__Task objective__
Every record below needs to be written out exactly, apart from the pictures.

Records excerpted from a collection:
□ □ □ □ □

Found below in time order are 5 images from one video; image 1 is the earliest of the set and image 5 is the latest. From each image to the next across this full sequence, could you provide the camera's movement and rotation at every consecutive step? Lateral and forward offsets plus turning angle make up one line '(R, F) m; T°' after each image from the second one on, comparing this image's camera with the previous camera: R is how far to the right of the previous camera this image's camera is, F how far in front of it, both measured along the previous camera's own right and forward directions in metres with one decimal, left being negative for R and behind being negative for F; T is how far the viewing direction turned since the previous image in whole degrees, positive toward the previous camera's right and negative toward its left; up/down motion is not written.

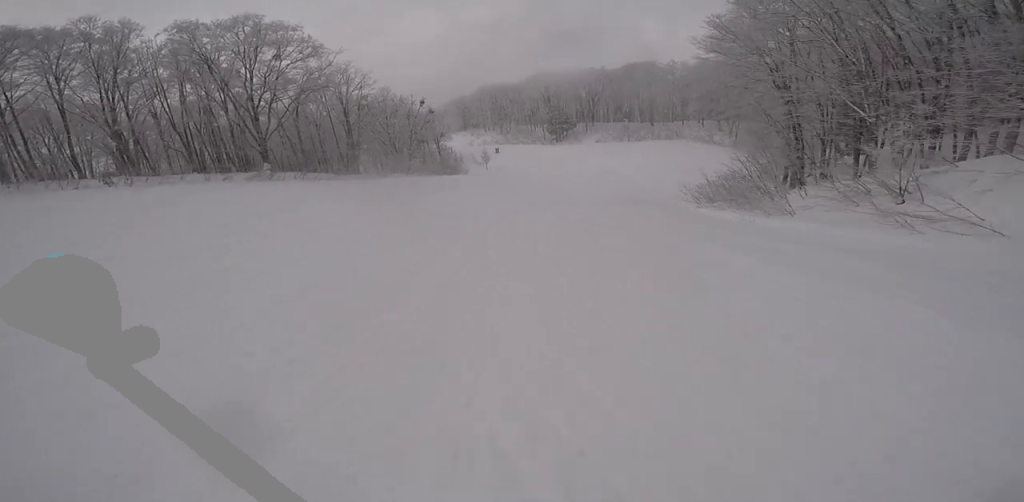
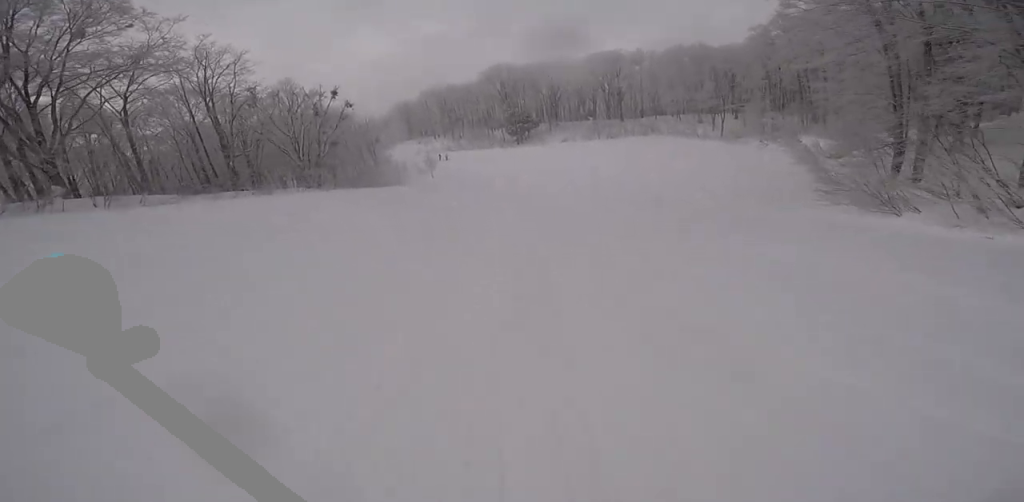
(+0.8, +17.0) m; +3°
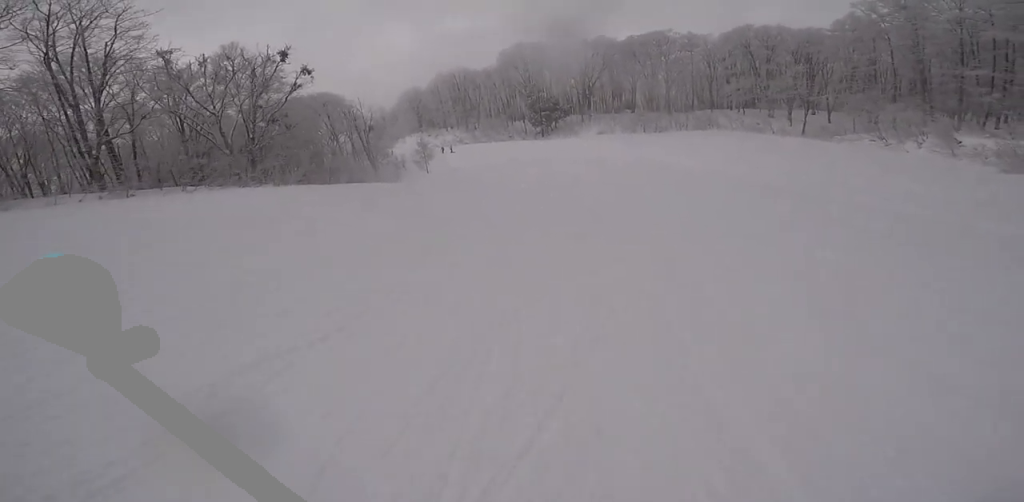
(0.0, +16.6) m; 0°
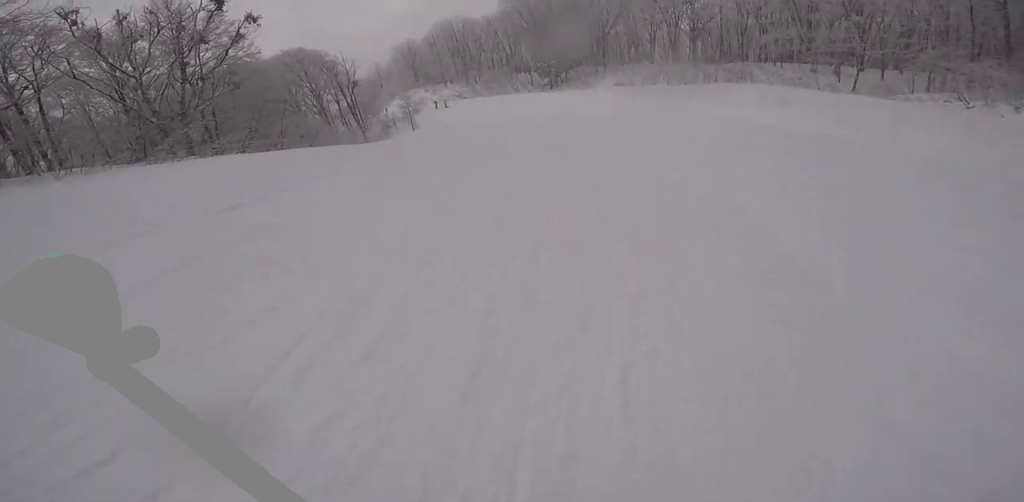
(0.0, +7.0) m; 0°
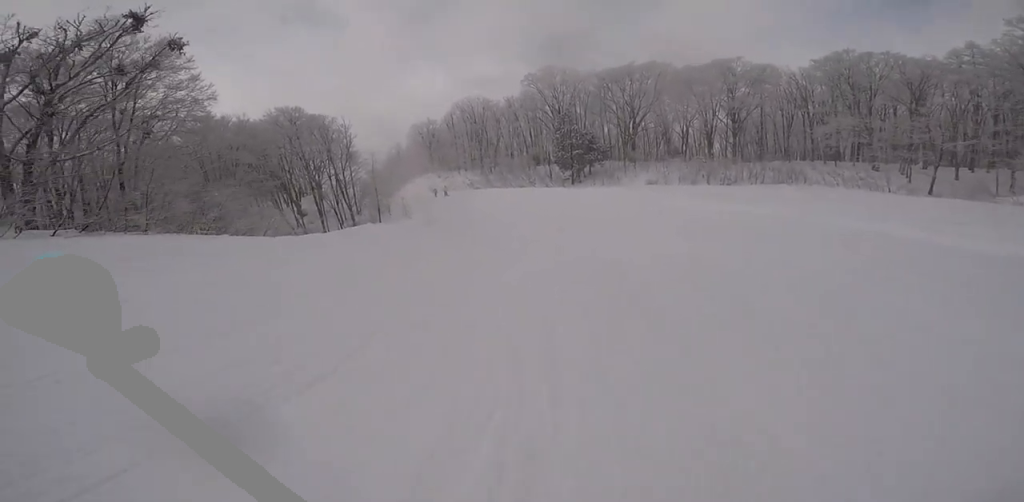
(0.0, +12.1) m; 0°

□ □ □ □ □

__Output of the task__
Found below in time order are 5 images from one video; image 1 is the earliest of the set and image 5 is the latest. From each image to the next across this full sequence, could you provide the camera's movement and rotation at every consecutive step? Lateral and forward offsets plus turning angle make up one line '(R, F) m; T°' after each image from the second one on, comparing this image's camera with the previous camera: R is how far to the right of the previous camera this image's camera is, F how far in front of it, both measured along the previous camera's own right and forward directions in metres with one decimal, left being negative for R and behind being negative for F; T is how far the viewing direction turned since the previous image in whole degrees, positive toward the previous camera's right and negative toward its left; up/down motion is not written.

(+0.8, +17.0) m; +3°
(0.0, +16.6) m; 0°
(0.0, +7.0) m; 0°
(0.0, +12.1) m; 0°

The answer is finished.